I take everything here to heart. We are leaving with about 1k in cash and about 1200 worth of merch.


----------



## Meldville (Jun 28, 2010)

Keep a cooler, replace the ice in it each day/two if you have food in it that needs to stay cold (sandwich meat, cheese, etc). Avoid going out to eat when possible -- lots of times the venues will have free or uber-cheap food for bands, so when you're burned out on eating turkey sammiches you have an affordable alternative. 

Bring a sleeping bag and pillow or two. Also bring some tylenol PM or sleep aid; nights when you sleep in the van, you'll need something to knock you out. If you or your bandmates smoke weed, I'd highly advise against carrying on the road. There are always folks that will get you high if that's your bag, and getting pulled over while on the road is bad enough. If anyone absolutely insists on bringing weed (and again, I would try to talk them out of it), make sure it's enough that they can eat if need be. 

SIGHTSEE! When possible, definitely try to set aside time to go see shit. Having a tour consist of only show->sleep->drive to next show-> repeat will wear you out really quickly. One of my favorite parts of the last tour I was on was going around DC and seeing all of the cool shit.

Don't EVER leave the cash in the van. Honestly, I would NOT take a thousand dollars in cash with me if possible. Someone can steal a credit/debit card and you can get out of it unscathed; someone steals your bag/box/wallet, and you're fucked. If anyone has a checking/debit account with a national bank, I'd put half of the money in there and plan on hitting ATMs throughout the trip. 

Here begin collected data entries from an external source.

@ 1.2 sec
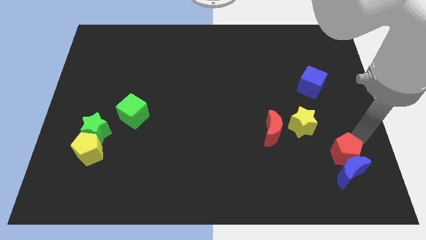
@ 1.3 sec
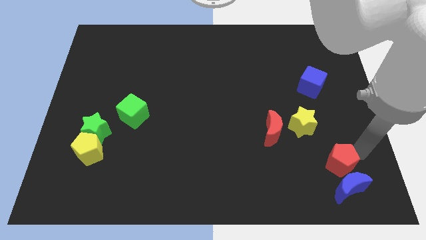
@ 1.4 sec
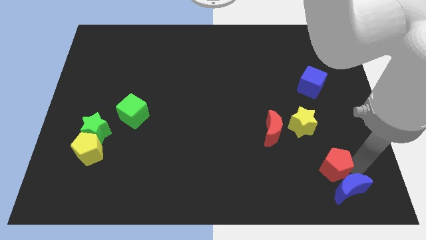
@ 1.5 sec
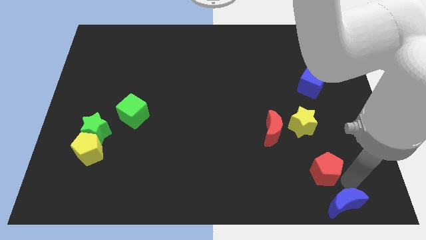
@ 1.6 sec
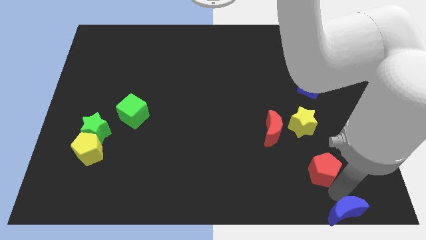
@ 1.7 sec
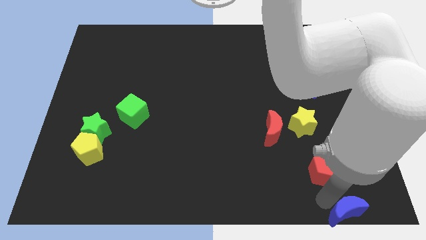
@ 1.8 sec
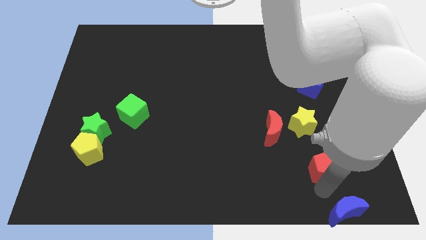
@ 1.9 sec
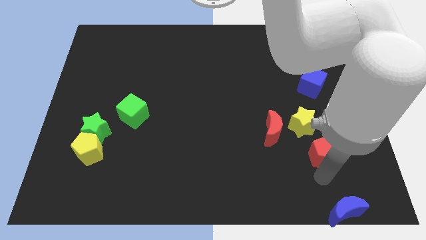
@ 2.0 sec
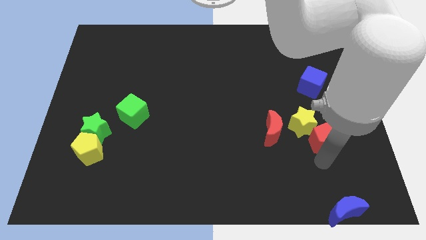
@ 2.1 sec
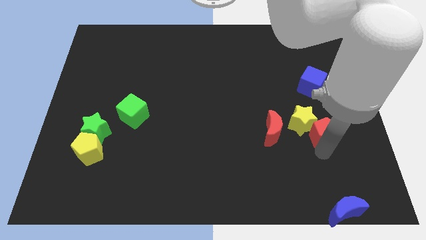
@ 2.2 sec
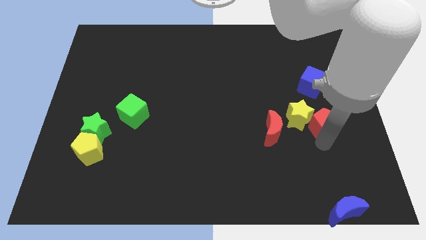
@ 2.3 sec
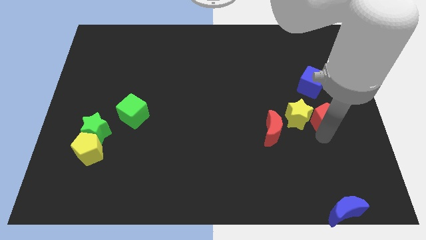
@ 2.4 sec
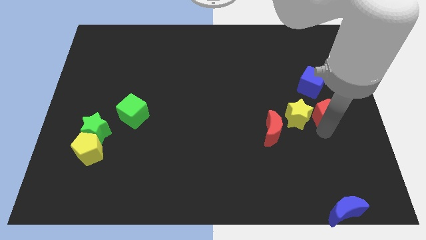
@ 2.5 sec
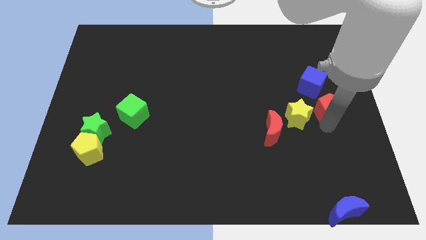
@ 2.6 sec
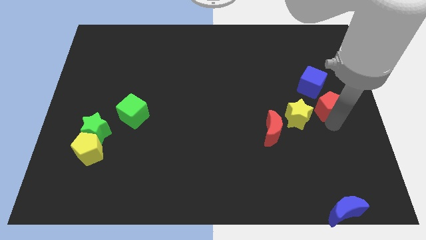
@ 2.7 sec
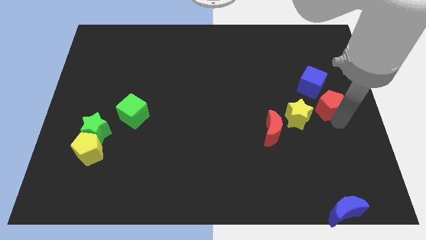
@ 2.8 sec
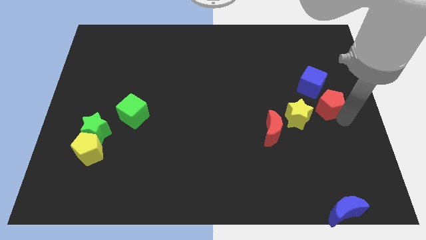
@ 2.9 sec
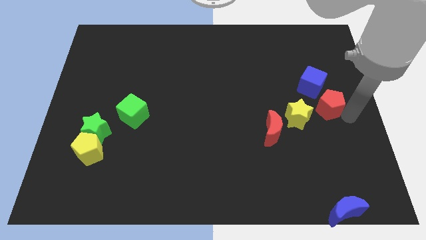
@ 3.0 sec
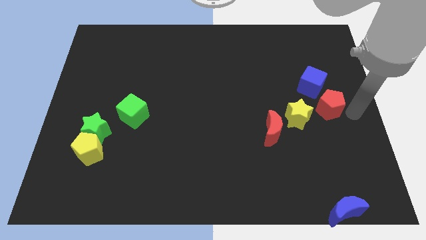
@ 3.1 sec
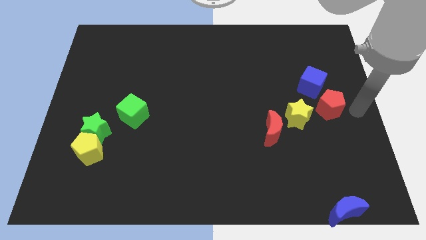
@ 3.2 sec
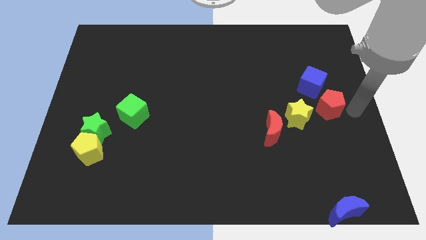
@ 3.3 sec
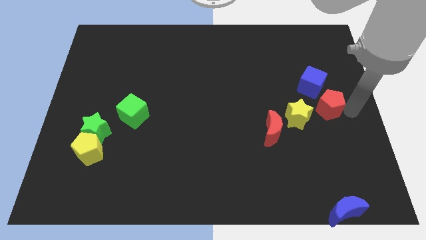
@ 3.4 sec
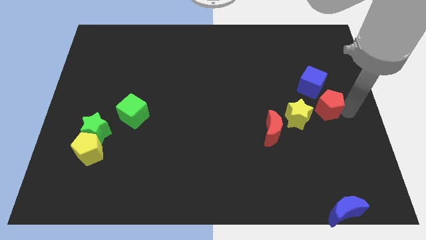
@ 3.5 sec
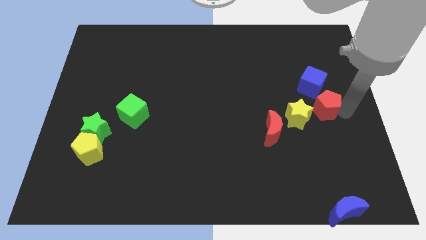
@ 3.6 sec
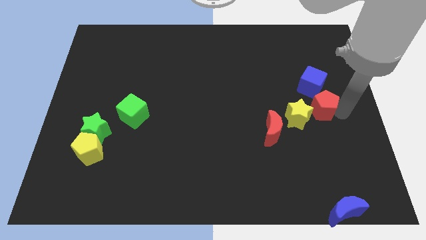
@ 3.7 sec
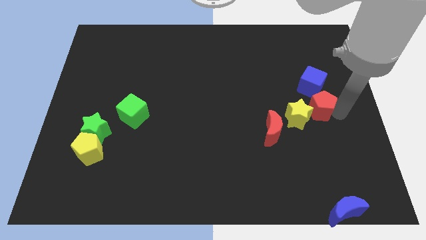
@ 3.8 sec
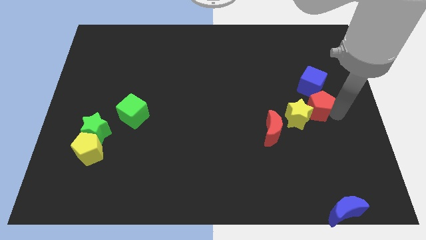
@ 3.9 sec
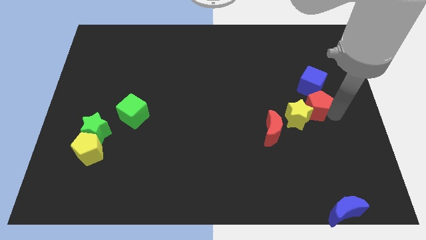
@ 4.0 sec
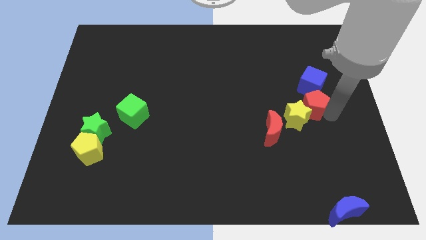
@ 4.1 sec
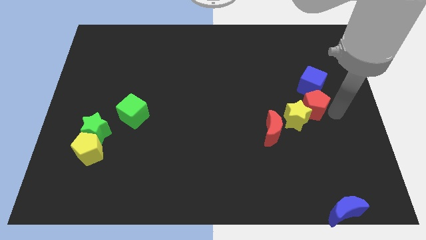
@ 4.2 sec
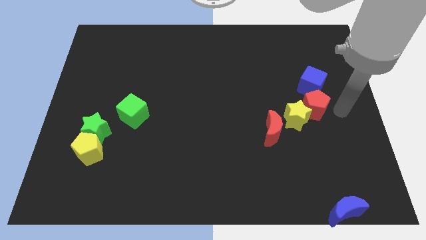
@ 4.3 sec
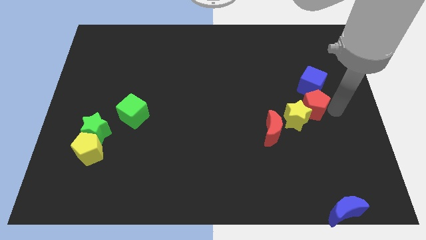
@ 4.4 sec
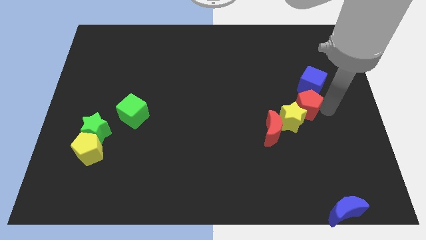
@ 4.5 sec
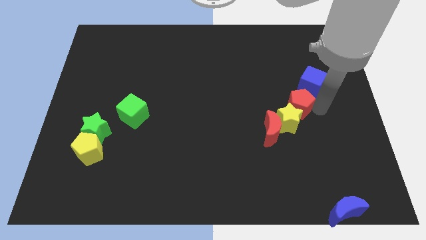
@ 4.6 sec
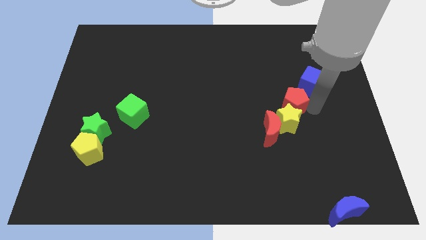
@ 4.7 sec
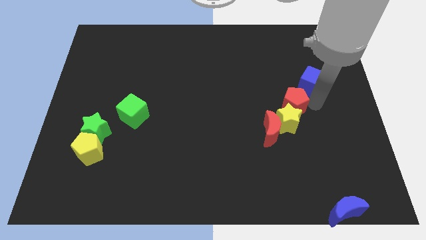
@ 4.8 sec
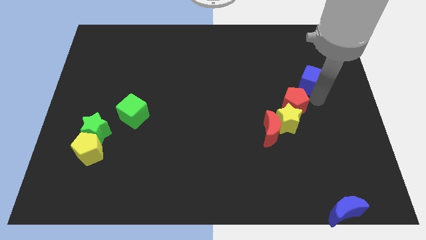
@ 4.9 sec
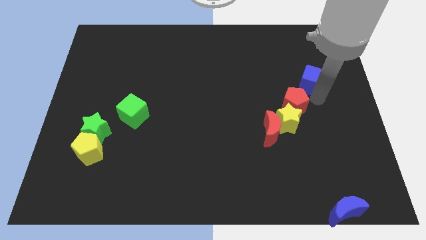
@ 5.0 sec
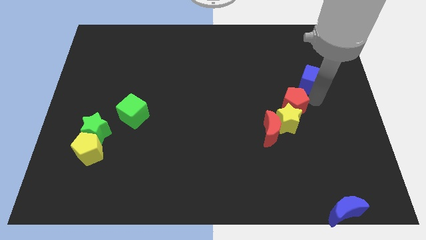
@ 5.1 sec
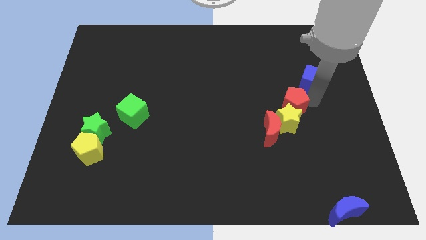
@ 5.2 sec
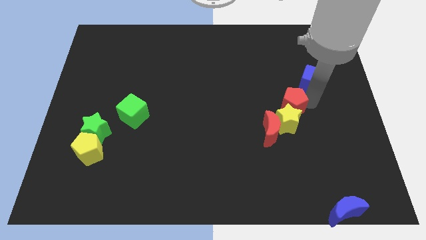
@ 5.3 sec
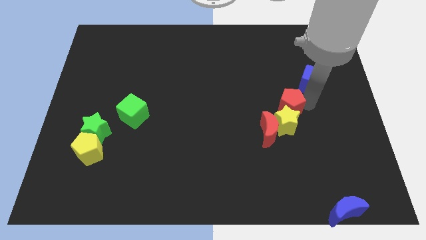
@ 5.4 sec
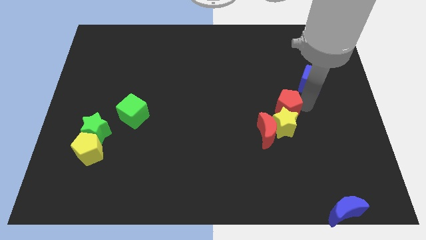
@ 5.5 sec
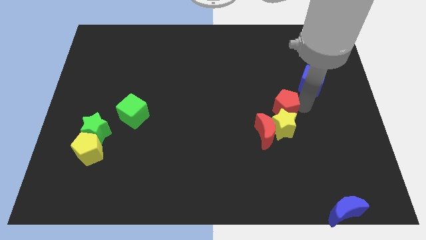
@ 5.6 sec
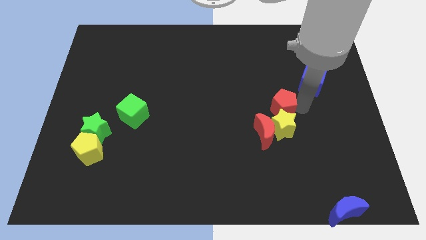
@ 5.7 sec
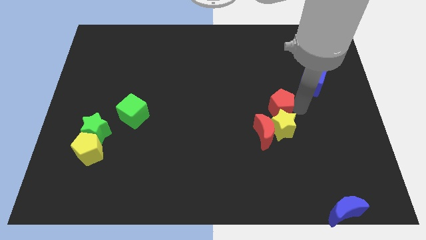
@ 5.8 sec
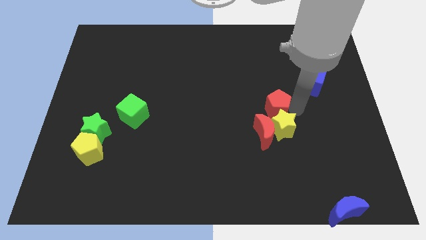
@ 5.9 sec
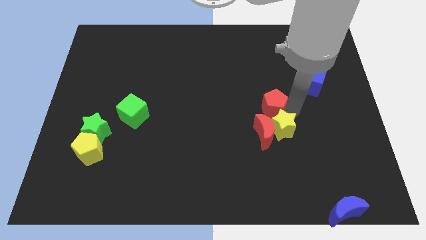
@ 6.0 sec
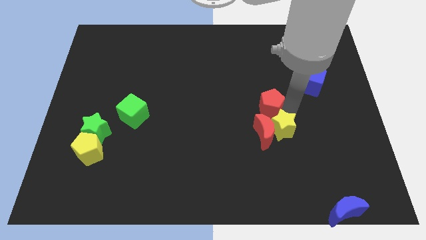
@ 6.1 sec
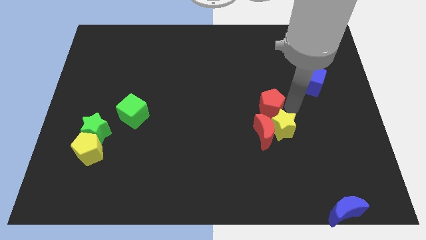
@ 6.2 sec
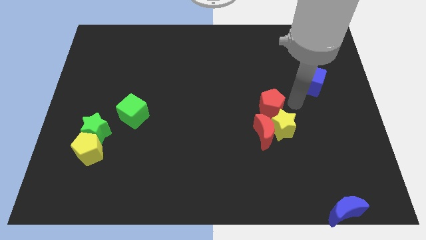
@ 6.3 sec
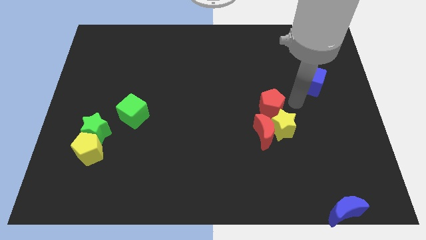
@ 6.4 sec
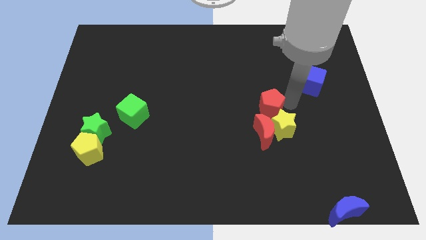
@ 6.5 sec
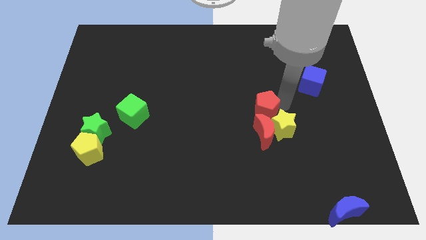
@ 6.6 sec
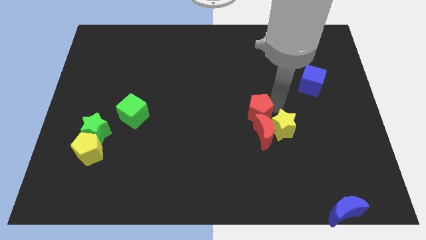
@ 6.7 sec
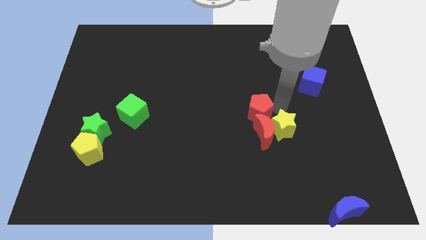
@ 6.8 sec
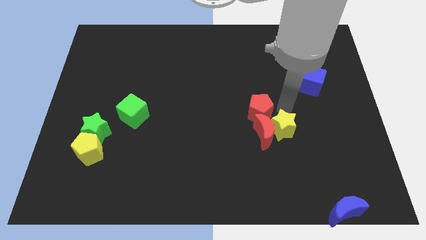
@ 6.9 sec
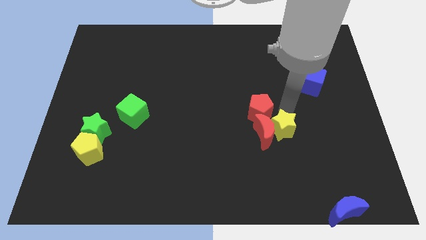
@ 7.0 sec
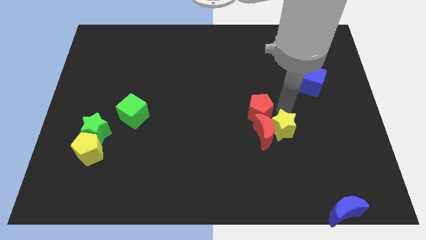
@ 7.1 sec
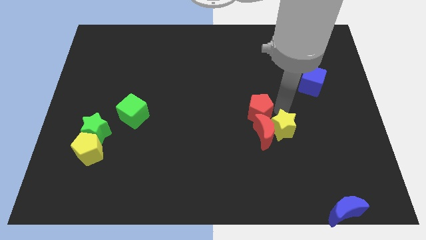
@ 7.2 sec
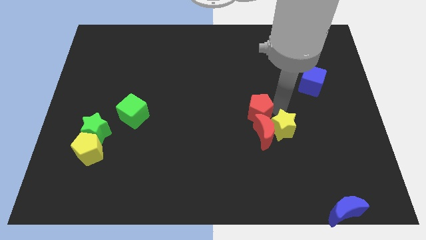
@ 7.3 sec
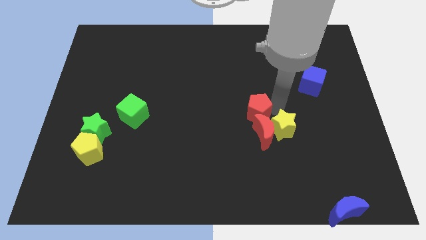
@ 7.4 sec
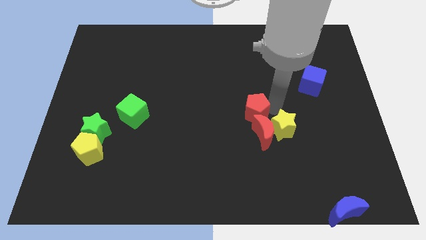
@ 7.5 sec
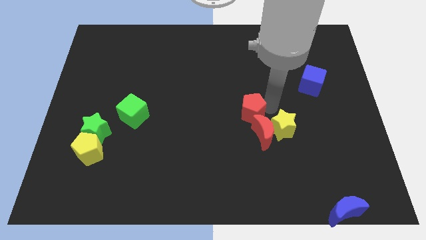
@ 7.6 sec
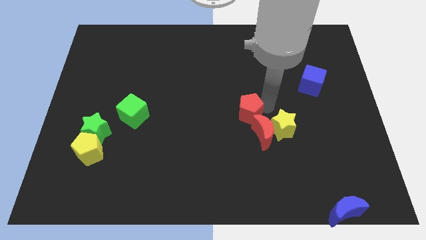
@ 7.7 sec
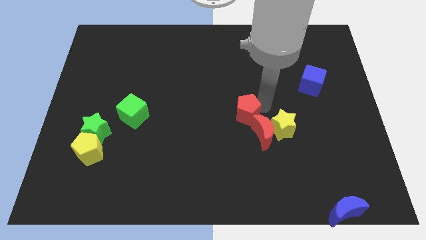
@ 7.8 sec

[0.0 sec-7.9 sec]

My last bid of advice -- always have someone sleep in the van, unless you've got it parked inside an attached garage or something. There's way too many people out there that will break in and steal your shit when you're on the road to chance it. I've had plenty of friends whose tours were ruined (and, in some cases, their bands fell apart as a result) when their van and trailer (and everything inside) got jacked.

Have fun!


----------



## heavy7-665 (Jun 29, 2010)

Meldville said:


> Keep a cooler, replace the ice in it each day/two if you have food in it that needs to stay cold (sandwich meat, cheese, etc). Avoid going out to eat when possible -- lots of times the venues will have free or uber-cheap food for bands, so when you're burned out on eating turkey sammiches you have an affordable alternative.
> 
> Bring a sleeping bag and pillow or two. Also bring some tylenol PM or sleep aid; nights when you sleep in the van, you'll need something to knock you out. If you or your bandmates smoke weed, I'd highly advise against carrying on the road. There are always folks that will get you high if that's your bag, and getting pulled over while on the road is bad enough. If anyone absolutely insists on bringing weed (and again, I would try to talk them out of it), make sure it's enough that they can eat if need be.
> 
> ...



Way ahead of ya brother, way ahead of ya.


----------



## elbiatcho1 (Jun 29, 2010)

SOCKS!
Guess where all that sweat drains down into.
Hard to beat putting on a fresh pair of socks and simply throwing out your crusty ones and they are inexpensive at Walmart.


----------



## Inazone (Jun 29, 2010)

Almost forgot, buy a FIRST AID KIT!!! Burns, scrapes and cuts are going to happen, and the most minor injury can immediately derail a tour. Also, I strongly suggest some Pepto-Bismol (or generic equivalent) tablets, just in case someone eats something that doesn't agree with them.


----------



## heavy7-665 (Jun 30, 2010)

Well Im about to hop in the van and HEAD OUT!!!!!!!!!!!!!!!!!!!!!!!!!!!!! Ill get some updates going hopefully. Keep the advice coming please.


----------